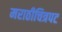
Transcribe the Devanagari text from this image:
मराठीचित्रपट
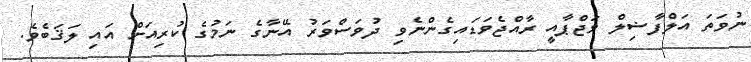
ނުވަތަ އަލްފާޟިލް ވަޖްޕާއީ ރާއްޖެވަޑައިގެންނެވި ދުވަސްވަރު އޭނާގެ ނަމުގެ ކުރިއަށް އައި ލަޤަބެވެ.
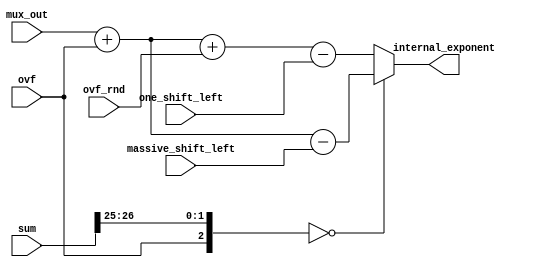
module Exponent_Update_1 (ovf , ovf_rnd , one_shift_left , sum , mux_out , massive_shift_left , internal_exponent);
input ovf;
input ovf_rnd;
input one_shift_left;
input [26:0]sum;
input [7:0]mux_out;
input [4:0]massive_shift_left;
output reg [9:0]internal_exponent;
//internal signals
wire [2:0]most_bits_of_adder_out;
//assignment
assign most_bits_of_adder_out = {ovf , sum[26] , sum[25]};
always@(*)
begin
    if(most_bits_of_adder_out == 3'b 000)//left path is chosen
		begin
			internal_exponent = mux_out + ovf - massive_shift_left;
		end
	else
		begin
			internal_exponent = mux_out + ovf + ovf_rnd - one_shift_left;
		end
end
endmodule
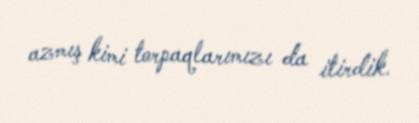
azmış kimi torpaqlarımızı da itirdik.
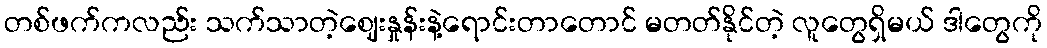
တစ်ဖက်ကလည်း သက်သာတဲ့ဈေးနှုန်းနဲ့ရောင်းတာတောင် မတတ်နိုင်တဲ့ လူတွေရှိမယ် ဒါတွေကို
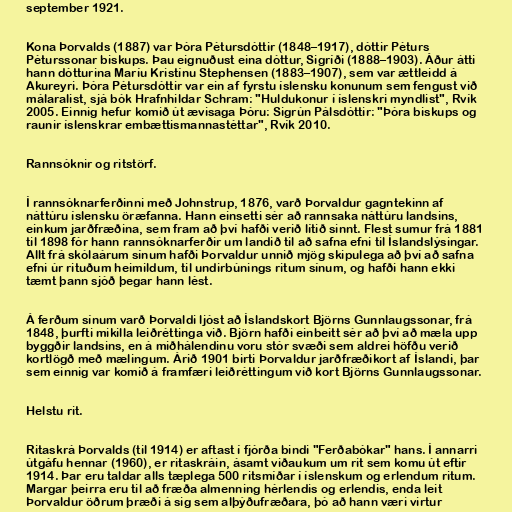
september 1921.

Kona Þorvalds (1887) var Þóra Pétursdóttir (1848–1917), dóttir Péturs
Péturssonar biskups. Þau eignuðust eina dóttur, Sigríði (1888–1903). Áður átti
hann dótturina Maríu Kristínu Stephensen (1883–1907), sem var ættleidd á
Akureyri. Þóra Pétursdóttir var ein af fyrstu íslensku konunum sem fengust við
málaralist, sjá bók Hrafnhildar Schram: "Huldukonur í íslenskri myndlist", Rvík
2005. Einnig hefur komið út ævisaga Þóru: Sigrún Pálsdóttir: "Þóra biskups og
raunir íslenskrar embættismannastéttar", Rvík 2010.

Rannsóknir og ritstörf.

Í rannsóknarferðinni með Johnstrup, 1876, varð Þorvaldur gagntekinn af
náttúru íslensku öræfanna. Hann einsetti sér að rannsaka náttúru landsins,
einkum jarðfræðina, sem fram að því hafði verið lítið sinnt. Flest sumur frá 1881
til 1898 fór hann rannsóknarferðir um landið til að safna efni til Íslandslýsingar.
Allt frá skólaárum sínum hafði Þorvaldur unnið mjög skipulega að því að safna
efni úr rituðum heimildum, til undirbúnings ritum sínum, og hafði hann ekki
tæmt þann sjóð þegar hann lést.

Á ferðum sínum varð Þorvaldi ljóst að Íslandskort Björns Gunnlaugssonar, frá
1848, þurfti mikilla leiðréttinga við. Björn hafði einbeitt sér að því að mæla upp
byggðir landsins, en á miðhálendinu voru stór svæði sem aldrei höfðu verið
kortlögð með mælingum. Árið 1901 birti Þorvaldur jarðfræðikort af Íslandi, þar
sem einnig var komið á framfæri leiðréttingum við kort Björns Gunnlaugssonar.

Helstu rit.

Ritaskrá Þorvalds (til 1914) er aftast í fjórða bindi "Ferðabókar" hans. Í annarri
útgáfu hennar (1960), er ritaskráin, ásamt viðaukum um rit sem komu út eftir
1914. Þar eru taldar alls tæplega 500 ritsmíðar í íslenskum og erlendum ritum.
Margar þeirra eru til að fræða almenning hérlendis og erlendis, enda leit
Þorvaldur öðrum þræði á sig sem alþýðufræðara, þó að hann væri virtur

▸ **REQUIREMENT**: Beginning with the line that holds "Ritaskrá Þorvalds (til" and ending with the last line of the data, copy each line exactly and add nothing.

▸ **TASK OUTPUT**:
Ritaskrá Þorvalds (til 1914) er aftast í fjórða bindi "Ferðabókar" hans. Í annarri
útgáfu hennar (1960), er ritaskráin, ásamt viðaukum um rit sem komu út eftir
1914. Þar eru taldar alls tæplega 500 ritsmíðar í íslenskum og erlendum ritum.
Margar þeirra eru til að fræða almenning hérlendis og erlendis, enda leit
Þorvaldur öðrum þræði á sig sem alþýðufræðara, þó að hann væri virtur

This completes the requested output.